- _AIM OF THE TASK_: Could you retype the material, starting at its first line and ending with the line holding "who may have", and keep the pictures out?

"""

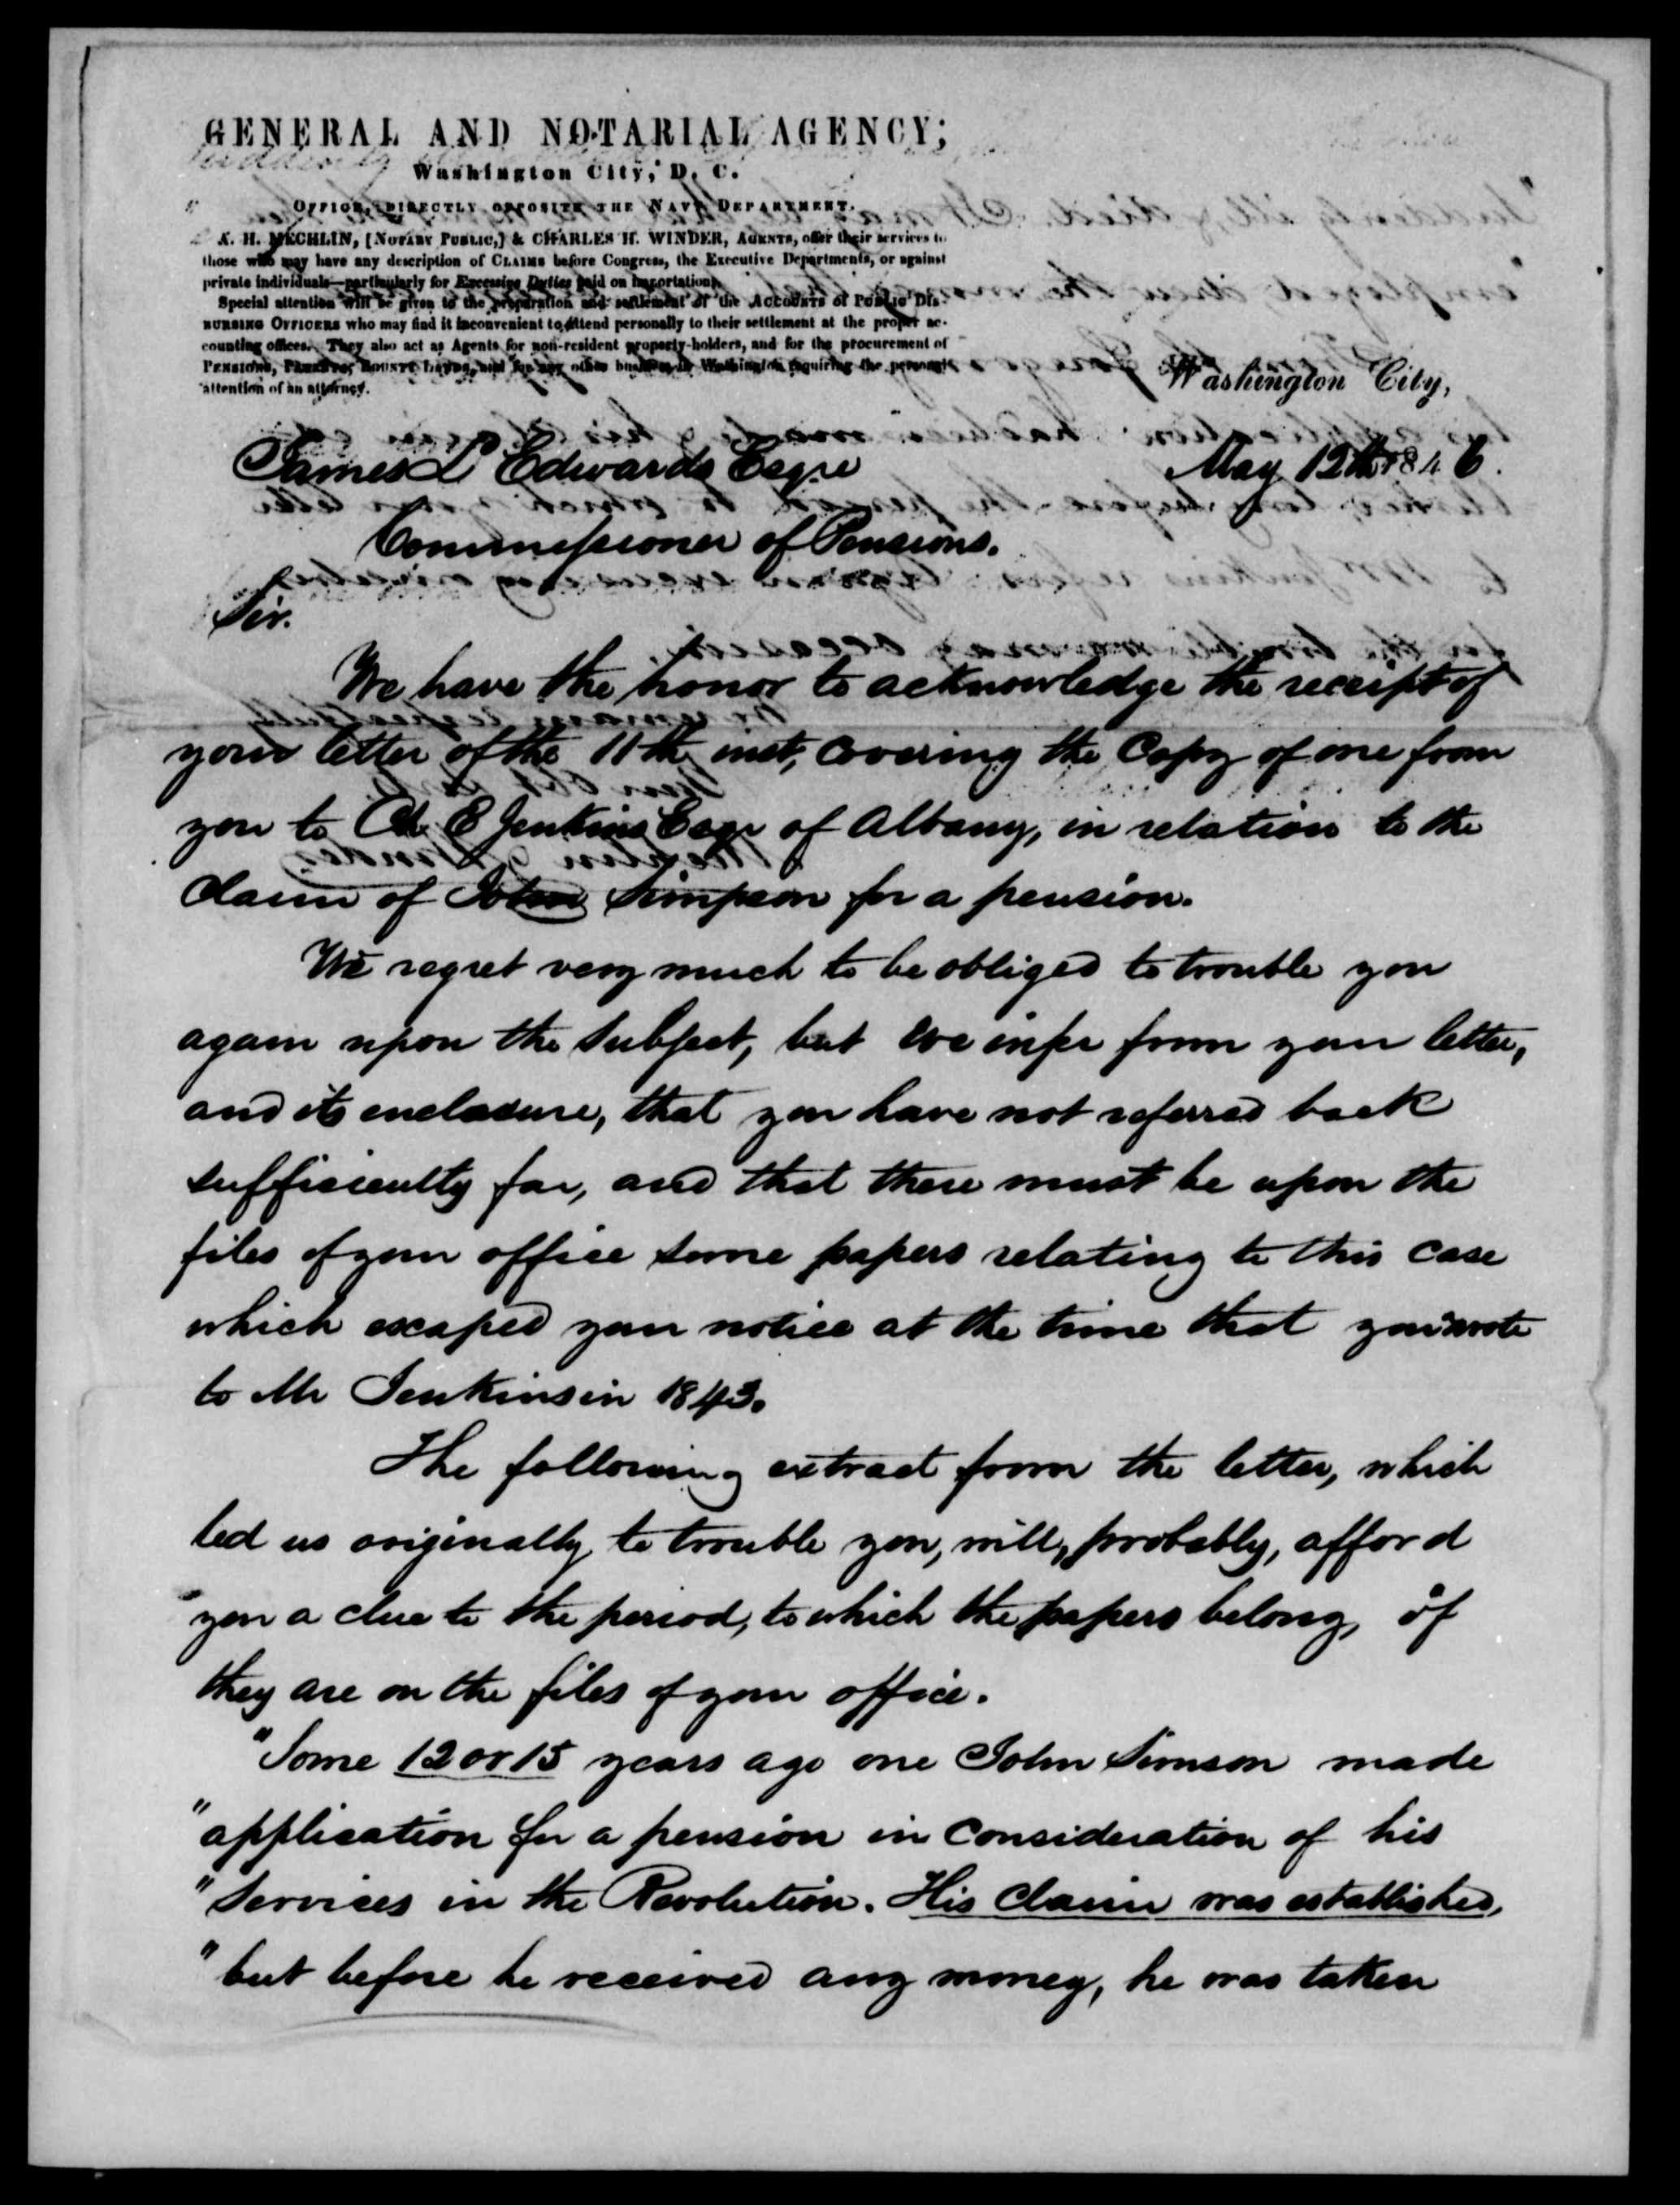GENERAL AND NOTARIAL AGENCY
Washington City, D.C.
A. H. BECHLIN, NOTARY PUBLIC & CHARLES H. WINDER AGENTS, offer their services those
who may have any description of CLAIMS before Congress, the Executive Departments, or against BURSING OFFICERS who may find it inconvenient to attend personally to their settlement at the proper acccounting
offices. They also act as Agents for non-resident property-holders, and for the procurement of Pension, attention of an attorney.

Washington City
May 12th 1846

James L Edwards Esqr
Commissioner of Pensions
Sir
We have the honor to acknowledge the receipt of your letter of the 11th inst, covering the Copy of one from you to C E Jenkins Esqr of Albany, in relation to the claim of John Simpson for a pension We regret very much to be obliged to trouble you again upon the subject, but we infer from your letter,
and its enclosure, that you have not referred back sufficiently far, and that there must be upon the files of your office some papers relating to this case which escaped your notice at the time that you wrote to Mr Jenkins in 1843.
The following extract from the letter, which
led us originally to trouble you, will, probably, afford you a clue to the period, to which the papers belong of they are on the files of your office
"Some 12 or 15 years ago one John Simson made application for a pension in consideration of his services in the Revolution. His claim was established but before he received any money, he was taken

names: James L Edwards; Charles H Winder; John Simson; John Simpson; Ch E Jenkins; [BLANK] Jenkins; A H Mechlin
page: 25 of 35
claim: rejected
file: R. 9601, for John Simson, New Jersey

"""

- _SOLUTION TO THIS EXERCISE_:
GENERAL AND NOTARIAL AGENCY
Washington City, D.C.
A. H. BECHLIN, NOTARY PUBLIC & CHARLES H. WINDER AGENTS, offer their services those
who may have any description of CLAIMS before Congress, the Executive Departments, or against BURSING OFFICERS who may find it inconvenient to attend personally to their settlement at the proper acccounting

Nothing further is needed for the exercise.